▶ [What to work on] All lines from the one containing "Diabetic retinopathy (DR)" through the end of the material below are to be printed exactly, both ends included, minus pictures.

Start of Supplied data

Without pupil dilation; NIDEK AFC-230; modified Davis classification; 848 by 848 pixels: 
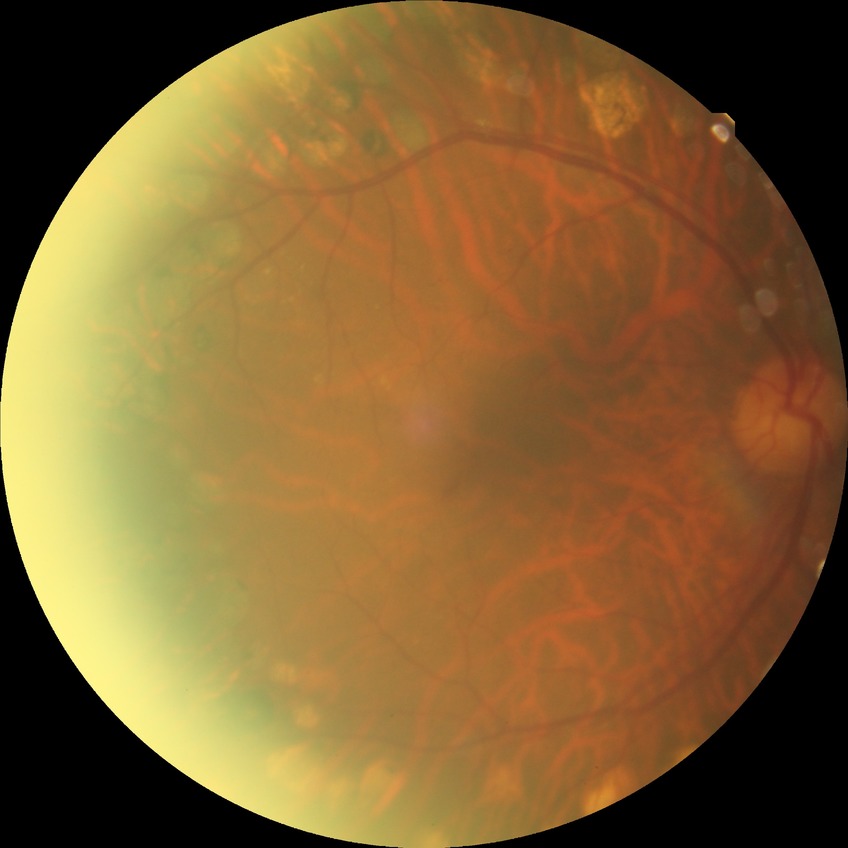
Diabetic retinopathy (DR) is PDR (proliferative diabetic retinopathy).
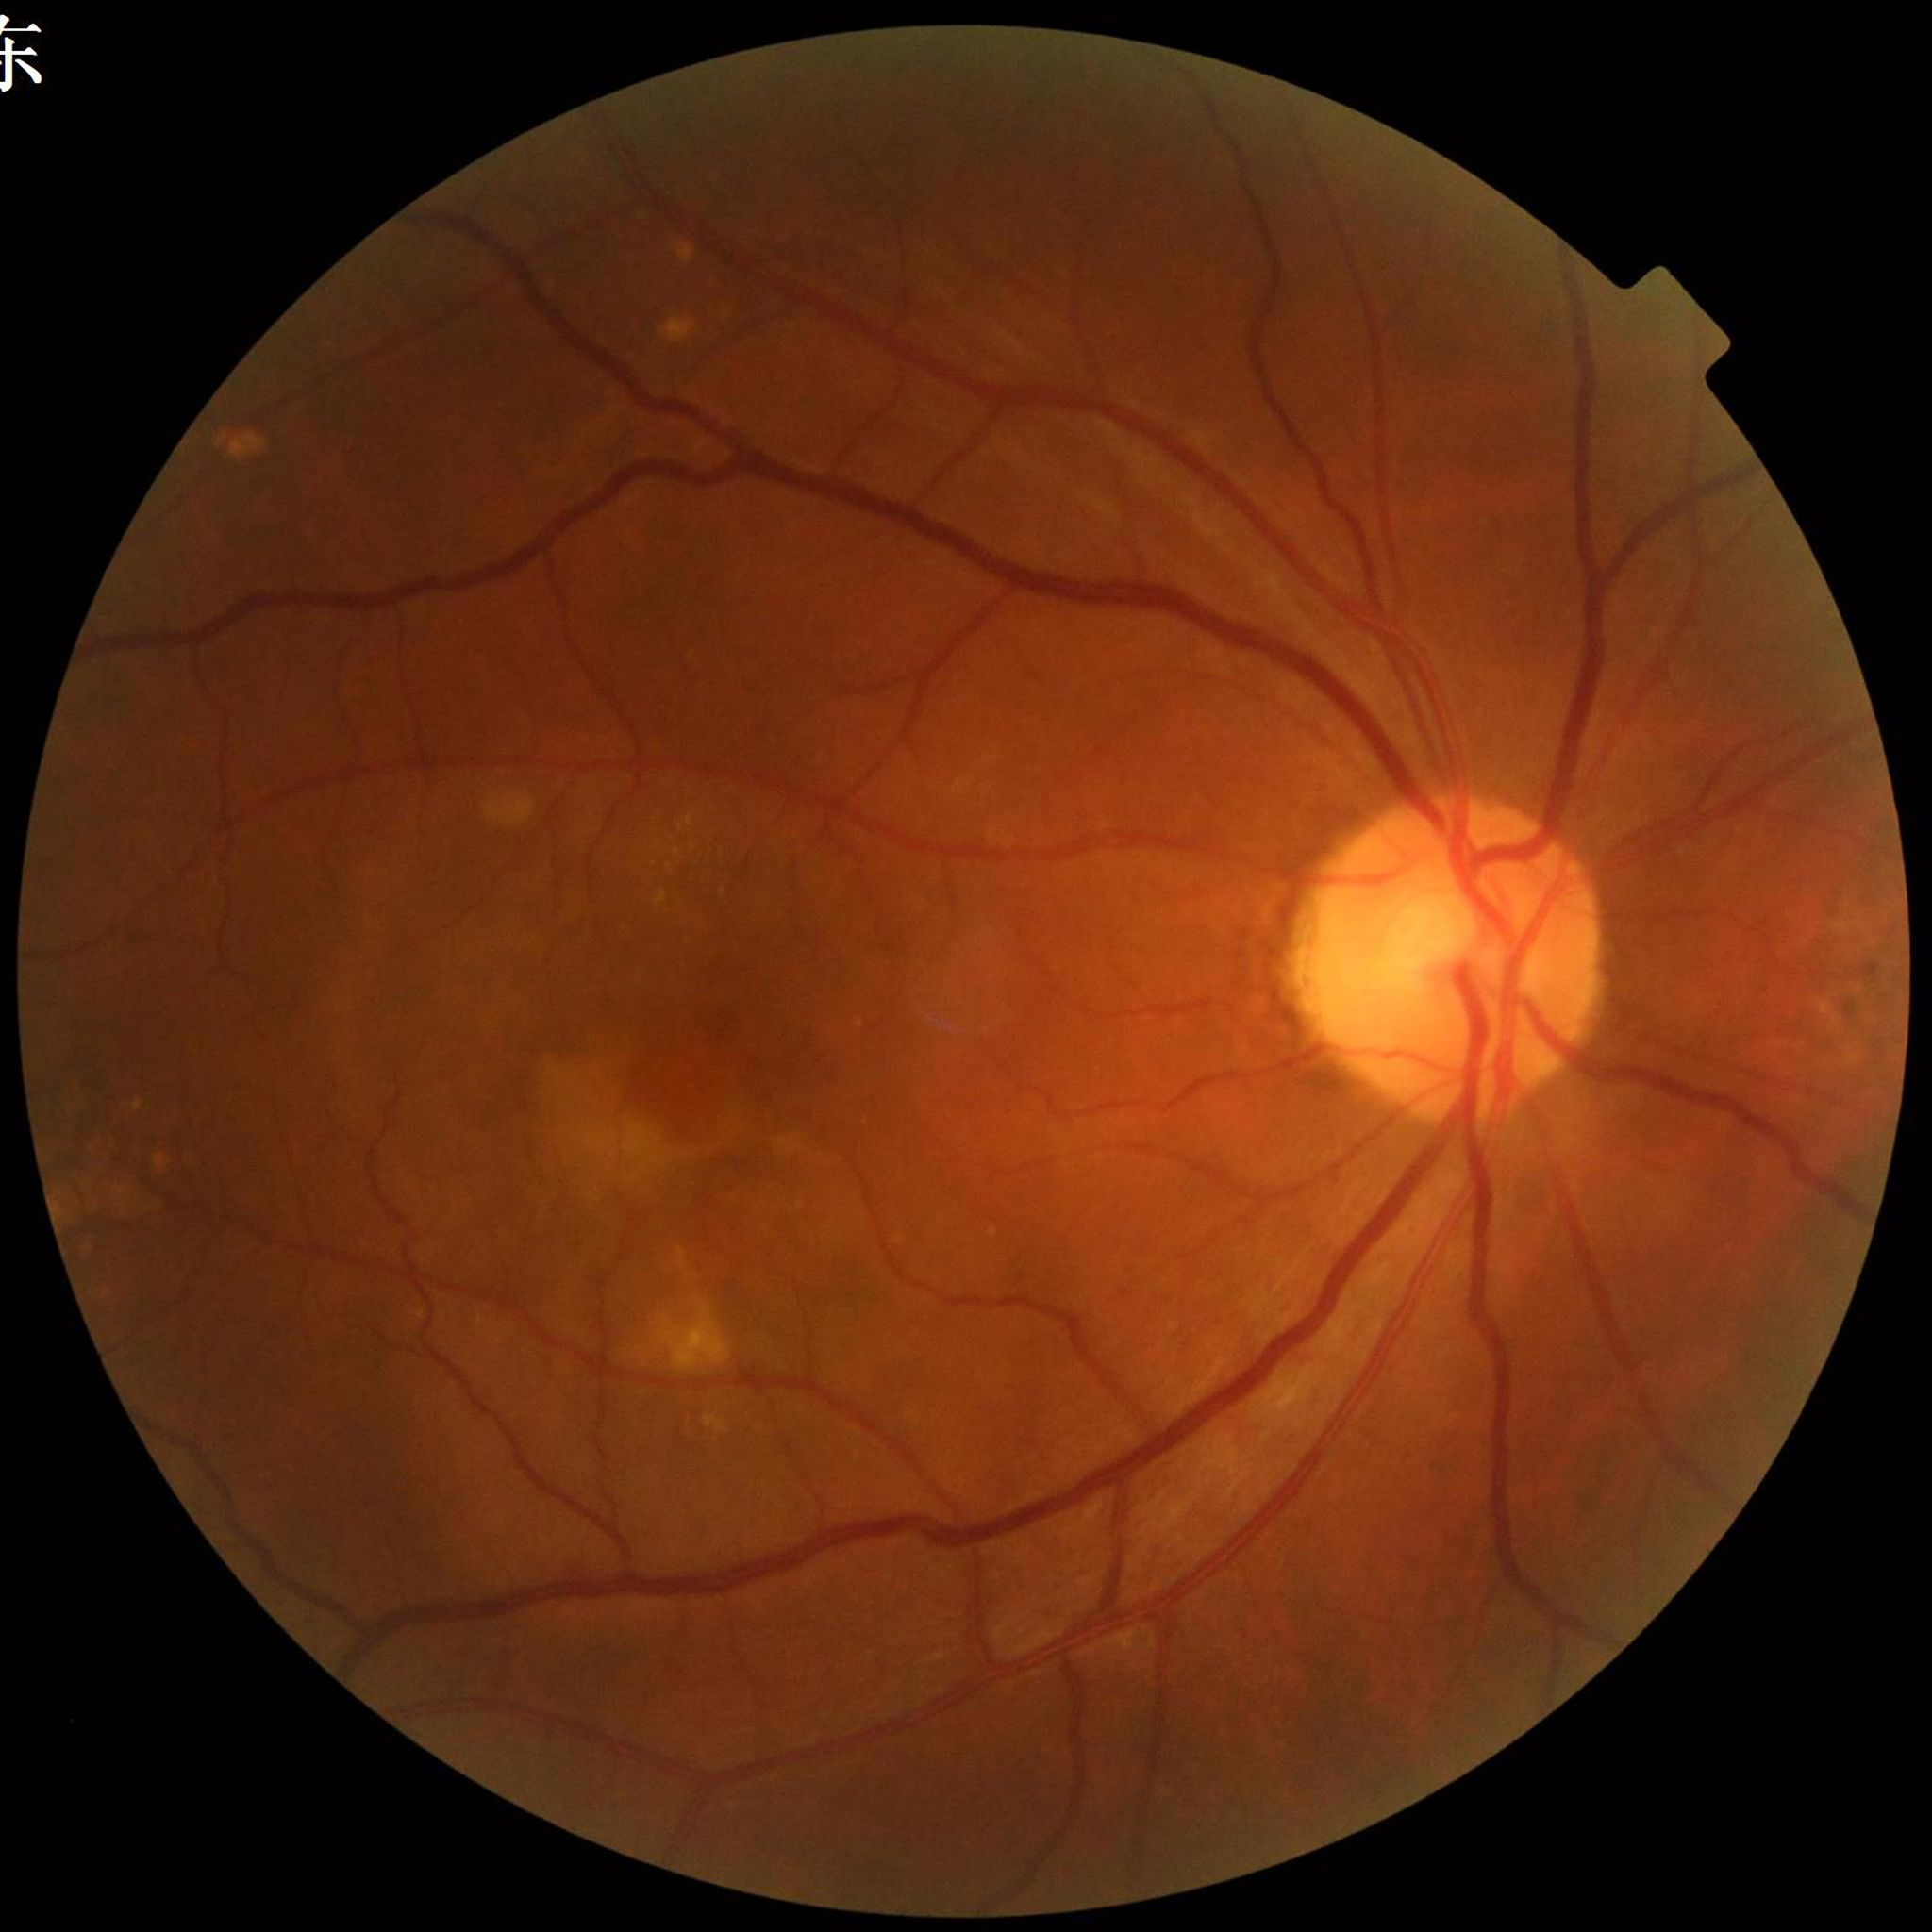
Fundus image of an eye with AMD.

End of Supplied data

▶ [Completed exercise]
Diabetic retinopathy (DR) is PDR (proliferative diabetic retinopathy).
Fundus image of an eye with AMD.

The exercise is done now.